All Warning errors can be found in the warnings.txt file.

================================================================================= 1 passed in 6.39s =================================================================================

If return any of this packages back then test failed

potiuk commented 10 months ago

Yes. It's very likely about old version and pendulum. Unfortunately beam is rather tightly pinning dill:

https://github.com/apache/beam/blob/16fee7505e35e402cc28a55384c81fef64ead254/sdks/python/setup.py#L265

      # Dill doesn't have forwards-compatibility guarantees within minor
      # version. Pickles created with a new version of dill may not unpickle
      # using older version of dill. It is best to use the same version of
      # dill on client and server, therefore list of allowed versions is
      # very narrow.
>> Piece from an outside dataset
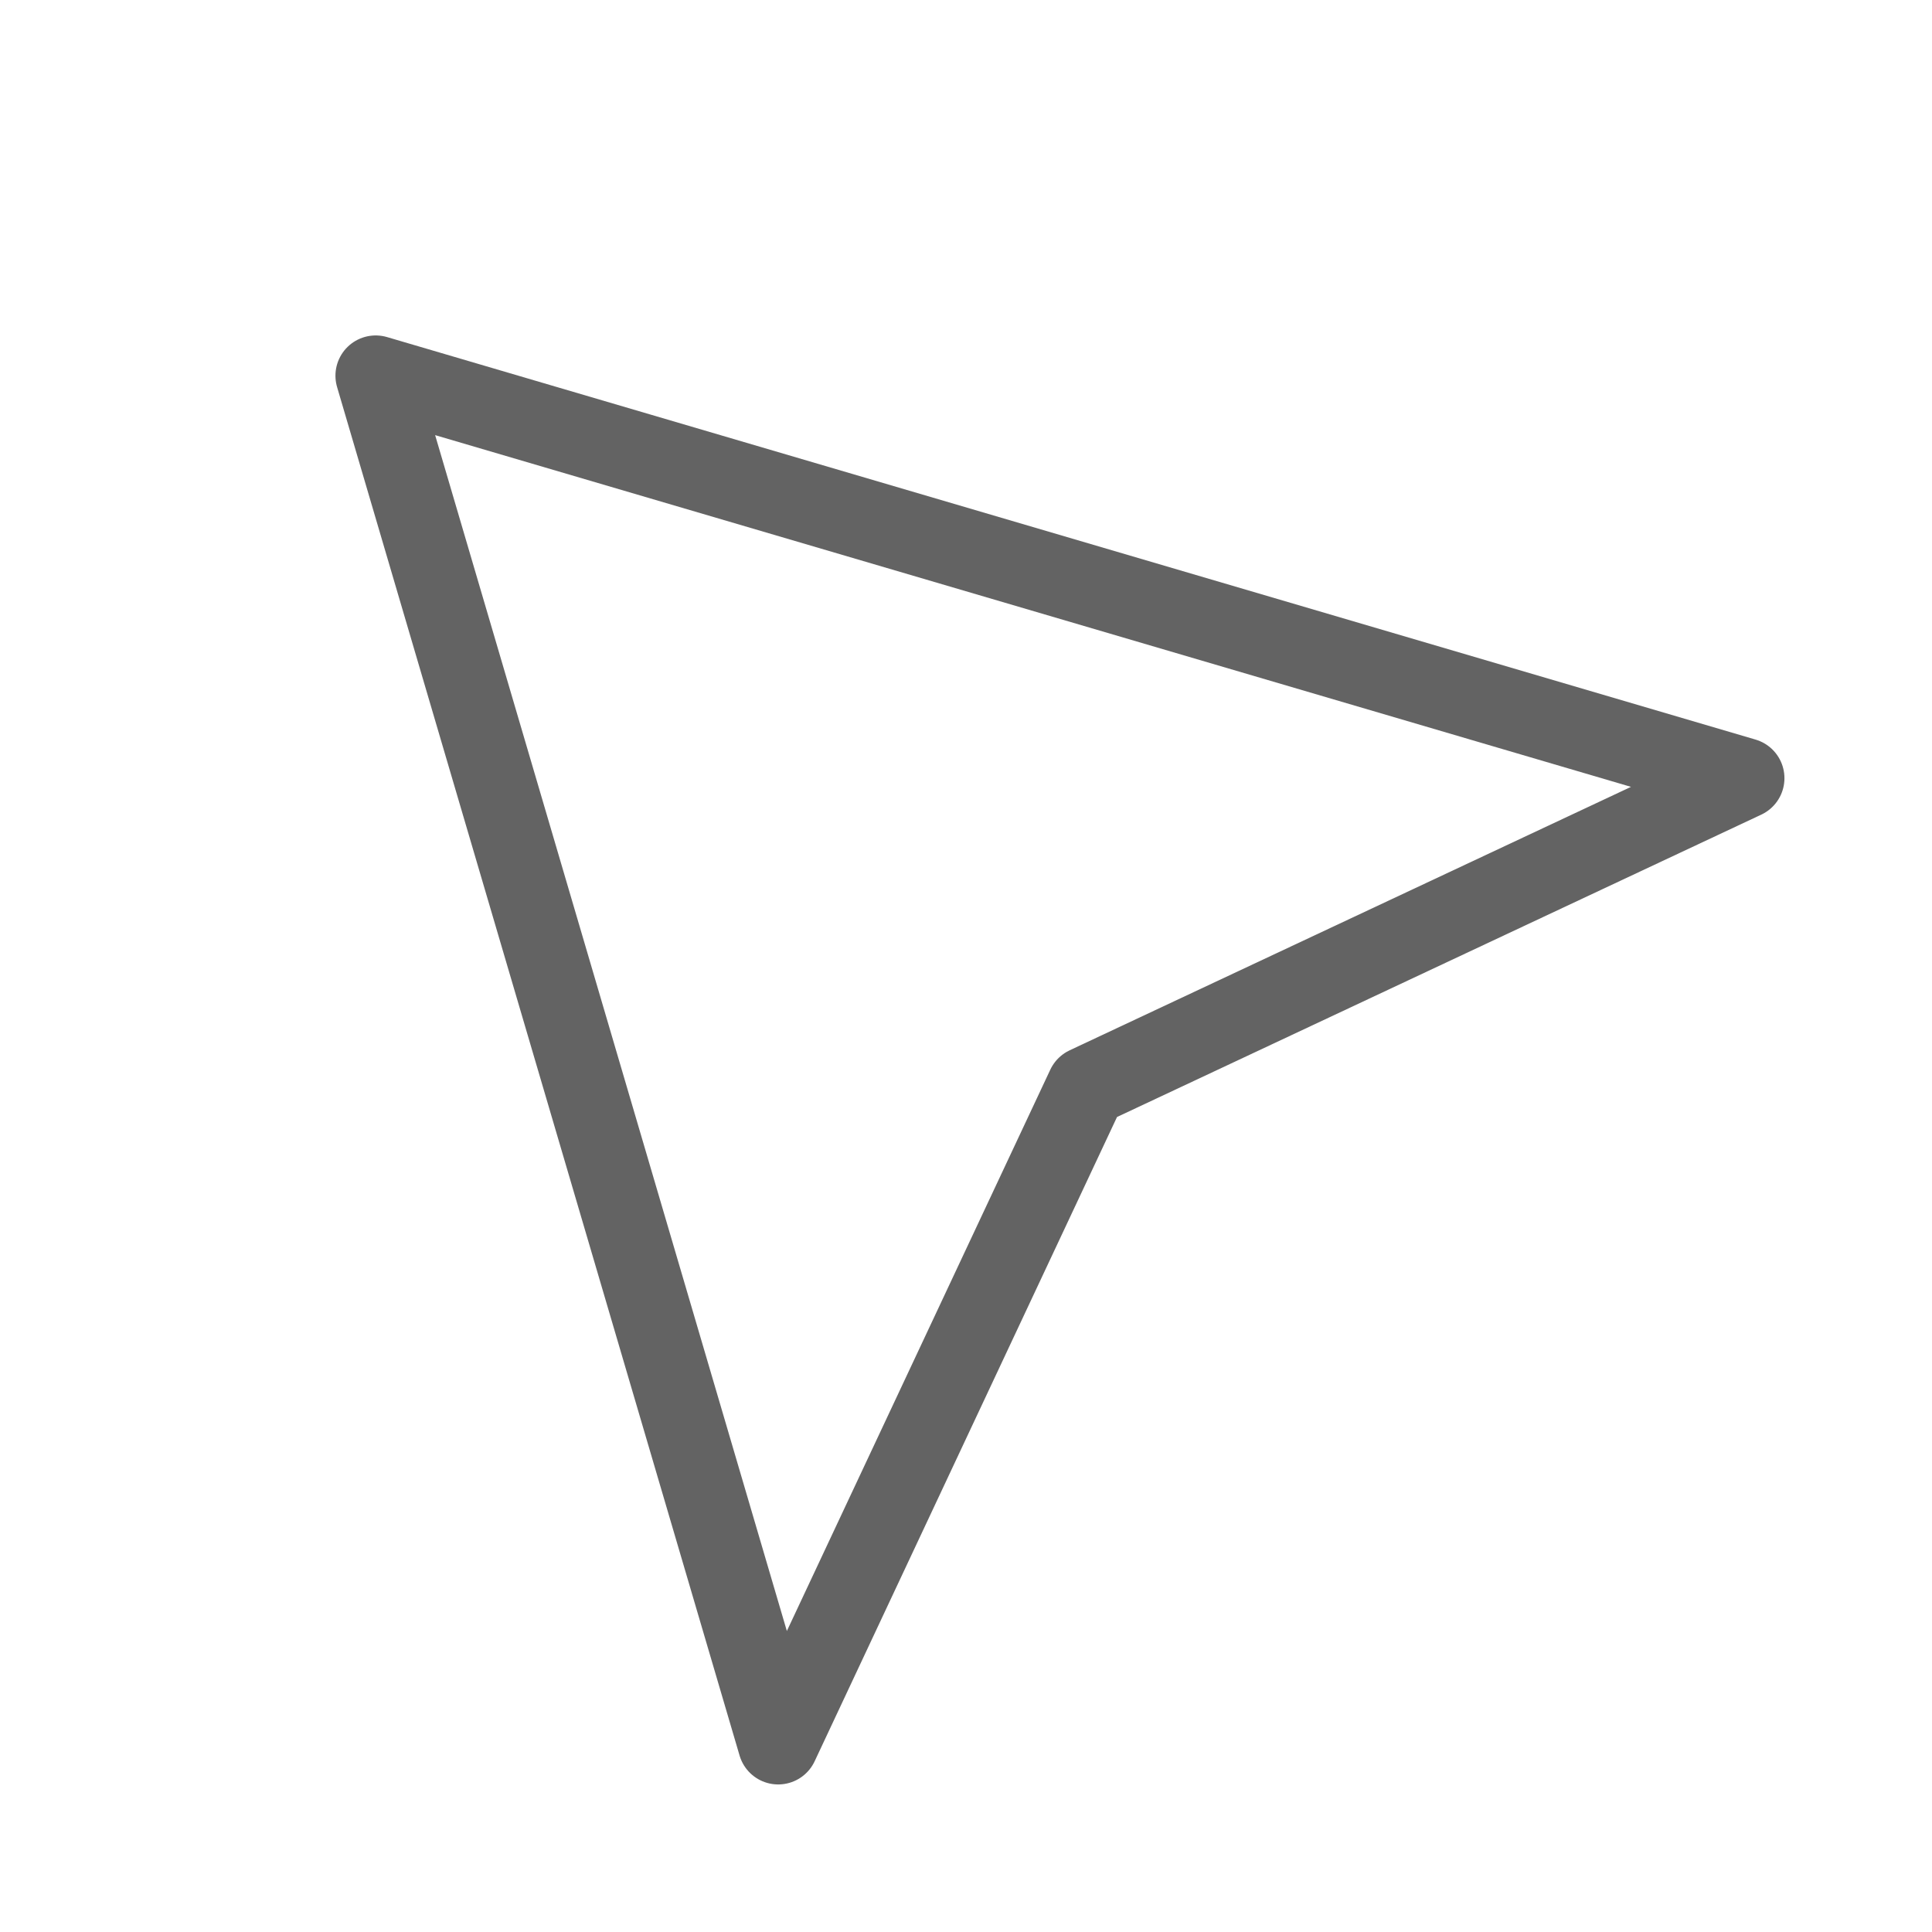 <svg width="24" height="24" viewBox="0 0 24 24" fill="none" xmlns="http://www.w3.org/2000/svg">
<path d="M21.667 9.667L4.667 4.667L9.667 21.667L13.5 13.5L21.667 9.667Z" stroke="#636363" stroke-linecap="round" stroke-linejoin="round"/>
</svg>

See: https://github.com/uqfoundation/dill/issues/341.
      'dill>=0.3.1.1,<0.3.2',

And yes 0.3.7 is the first one that has 3.11 support.

bad news 0.3.7 does not solve it either :(

Taragolis commented 10 months ago

Maybe it is a good time to think about old issue https://github.com/apache/airflow/issues/7870

potiuk commented 10 months ago

Yeah. Why not :)

NotYuki commented 10 months ago

If you don't need Airflow context you can try to pass system_site_packages=False to Operator as a workaround:

PythonVirtualenvOperator(
  ...
  system_site_packages=False,
  use_dill=True,
  ...
)